30. Thus, I hold that a co-owner is the owner of every inch of the property until the property is partitioned by metes and bounds. As such, it cannot be said that the pre-emptor is not a raiyat possessing land adjoining the plot of land being "Kha" schedule property. Relying upon the said decision of this Court in the case of Bula Kundu (supra), I hold the pre-emptor being a co-owner of the adjoining plot can maintain the application for pre-emption on the ground of vicinage.

31. With regard to the last contention of Mr. Basu, I hold that if from the materials on record, the claim of the parties can be considered in the context of the amended provision of the West Bengal Land Reforms Act relating to the laws of pre-emption no further amendment of pleadings and/or remand the proceeding for fresh trial before the Trial Court, is necessary for disposal of the pre-emption proceeding.

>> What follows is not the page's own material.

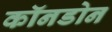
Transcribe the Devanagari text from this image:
कॉनडोन
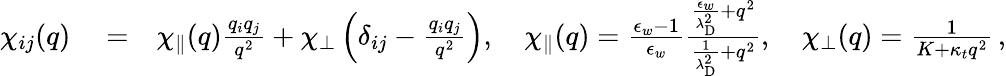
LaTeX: \begin{array}{rlr}{\chi_{ij}(q)}&{{}=}&{\chi_{\parallel}(q)\frac{q_{i}q_{j}}{q^{2}}+\chi_{\perp}\left(\delta_{ij}-\frac{q_{i}q_{j}}{q^{2}}\right),\quad\chi_{\parallel}(q)=\frac{\epsilon_{w}-1}{\epsilon_{w}}\frac{\frac{\epsilon_{w}}{\lambda_{\mathrm{D}}^{2}}+q^{2}}{\frac{1}{\lambda_{\mathrm{D}}^{2}}+q^{2}},\quad\chi_{\perp}(q)=\frac{1}{K+\kappa_{t}q^{2}}\, ,}\end{array}

32. Here in the instant case, I have already indicated above that the claim of the respective parties can be considered on the materials on record in the context of the amended provision of the laws of pre-emption and as such, the application for pre-emption need not be remanded back, as suggested by Mr. Basu.

33. Accordingly, I hold that these revisional applications do not deserve any merit for consideration.

34. These applications, thus, stand rejected.

35. Urgent xerox certified copy of this judgment, if applied for, be given to the parties, as expeditiously as possible, upon compliance with the necessary formalities in this regard.

Later

36. A prayer for stay of operation of this judgment and order has been made by the learned Advocate appearing for the petitioner.

37. Having considered such prayer, this Court finds that such prayer does not avarrant any merit. Accordingly, such prayer for stay stands rejected.